Affiliation:
1. UCLA Department of Classics PO Box 951417, Los Angeles, CA 90095-1417 Los Angeles U.S.A.
Abstract
Abstract
This paper uses a problematic passage at Phaedo 69a–c as a case study to explore the advantages we can gain by reading Plato in his cultural context. Socrates argues that the common conception of courage is strange: people fear death, but endure it because they are afraid of greater evils. They are thus brave through fear. He proposes that we should not exchange greater pleasures, pains, and fears for lesser, like coins, but that there is the only correct coin, for which we must exchange all these things: wisdom (phronēsis). Commentators have been puzzled by the precise nature of the exchange envisaged here, sometimes labelling the coinage metaphor as inept, sometimes describing this stretch of argument as “religious” and thus not to be taken seriously. The body of the paper looks at (1) the connection between money and somatic materialism, (2) the incommensurability in Plato of financial and ethical orders, (3) financial metaphors outside Plato that connect coinage with ethics, (4) intrinsic and use values in ancient coinage, and (5) Athenian laws on coinage, weights, and measures that reflect anxiety about debased coins in the fifth and early fourth centuries.
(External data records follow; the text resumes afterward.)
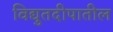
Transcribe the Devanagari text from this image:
विद्युतदीपातील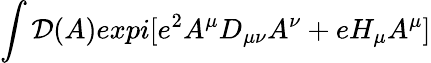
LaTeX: \int{\cal D}(A)expi[e^{2}A^{\mu}D_{\mu\nu}A^{\nu}+eH_{\mu}A^{\mu}]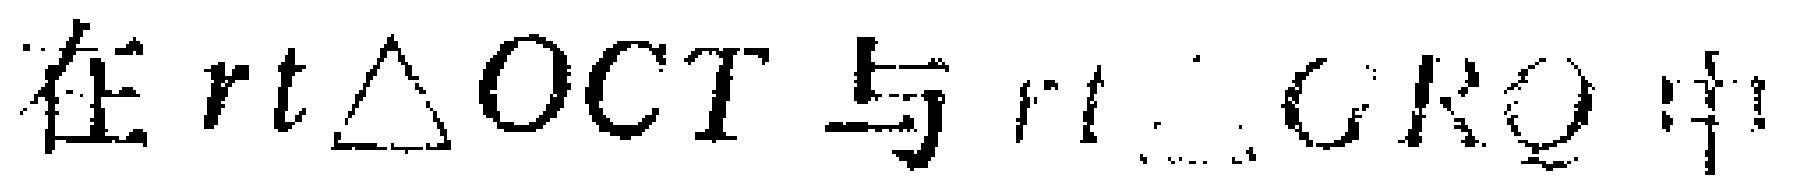
在$rt\triangle OCT$与$rt\triangle CRO$中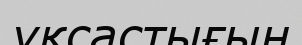
үқсастығын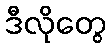
ဒီလိုတွေ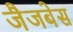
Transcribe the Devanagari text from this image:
जैजबेस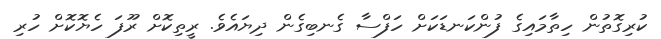
ކުރިގޮތުން ހިތާމައިގެ ފުންކަނޑަކަށް ހަފްސާ ގެނބިގެން ދިޔައެވެ. ރީތިކޮށް ރޫފަ ހެޔޮކޮށް ހުރި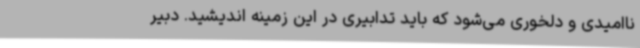
ناامیدی و دلخوری می‌شود که باید تدابیری در این زمینه اندیشید. دبیر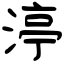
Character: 渟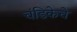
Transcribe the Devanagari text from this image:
चंडिकेचे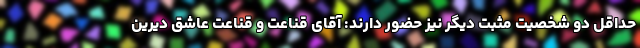
حداقل دو شخصيت مثبت ديگر نيز حضور دارند: آقای قناعت و قناعت عاشق ديرين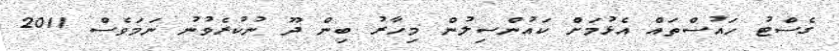
ގެސްޓު ހައުސްތައް އެޅުމަށް ކައުންސިލުން މިހާރު ބިން ދޫ ނުކުރެވުނު ނަމަވެސް 2011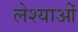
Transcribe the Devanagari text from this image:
लेश्याओं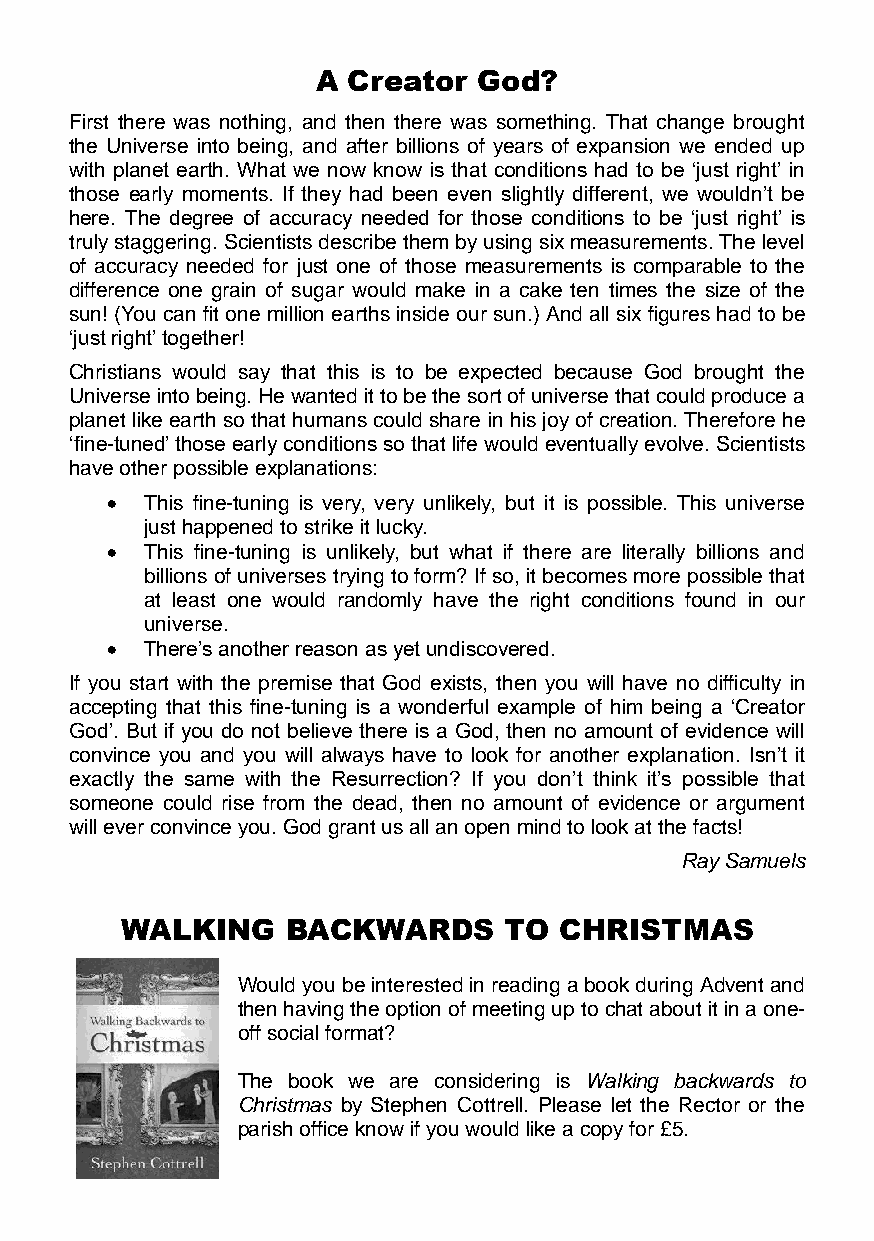
A Creator  God?
 First there was nothing, and then there was something. That change brought
 the Universe into being, and after billions of years of expansion we ended up
 with planet earth. What we now know is that conditions had to be ‘just right’ in
 those early moments. If they had been even slightly different, we wouldn’t be
 here. The degree of accuracy needed for those conditions to be ‘just right’ is
 truly staggering. Scientists describe them by using six measurements. The level
 of accuracy needed for just one of those measurements is comparable to the
 difference one grain of sugar would make in a cake ten times the size of the
 sun! (You can fit one million earths inside our sun.) And all six figures had to be
 ‘just right’ together!
 Christians would say that this is to be expected because God brought the
 Universe into being. He wanted it to be the sort of universe that could produce a
 planet like earth so that humans could share in his joy of creation. Therefore he
 ‘fine-tuned’ those early conditions so that life would eventually evolve. Scientists
 have other possible explanations:
 •  This fine-tuning is very, very unlikely, but it is possible. This universe
 just happened to strike it lucky.
 •  This fine-tuning is unlikely, but what if there are literally billions and
 billions of universes trying to form? If so, it becomes more possible that
 at least one would randomly have the right conditions found in our
 universe.
 •  There’s another reason as yet undiscovered.
 If you start with the premise that God exists, then you will have no difficulty in
 accepting that this fine-tuning is a wonderful example of him being a ‘Creator
 God’. But if you do not believe there is a God, then no amount of evidence will
 convince you and you will always have to look for another explanation. Isn’t it
 exactly the same with the Resurrection? If you don’t think it’s possible that
 someone could rise from the dead, then no amount of evidence or argument
 will ever convince you. God grant us all an open mind to look at the facts!
 Ray Samuels
 WALKING    BACKWARDS     TO  CHRISTMAS
 Would you be interested in reading a book during Advent and
 then having the option of meeting up to chat about it in a one-
 off social format?
 The book we are considering is Walking backwards to
 Christmas by Stephen Cottrell. Please let the Rector or the
 parish office know if you would like a copy for £5.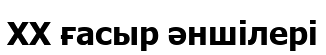
ХХ ғасыр әншілері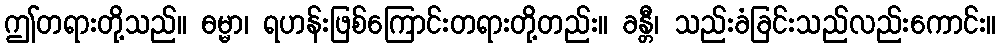
ဤတရားတို့သည်။ ဓမ္မာ၊ ရဟန်းဖြစ်ကြောင်းတရားတို့တည်း။ ခန္တီ၊ သည်းခံခြင်းသည်လည်းကောင်း။

It sees the Phaedo passage as the product of a sociopolitical climate which facilitated the consideration of coinage as an embodiment of a value system and which connected counterfeit or debased currency with debased ethical types. Athenians in the early fourth century were much concerned with issues of commensurability between different currencies and with problems of debasement and counterfeiting; understanding this makes Socrates’ use of coinage metaphors less puzzling. Both the metaphor of coinage and the other metaphors in this passage of the Phaedo (painting and initiation) engage with ideas of purity, genuineness, and deception. Taken as a group, these metaphors cover a large area of contemporary popular culture and are used to illustrate a disjunction between popular and philosophical ways of looking at value.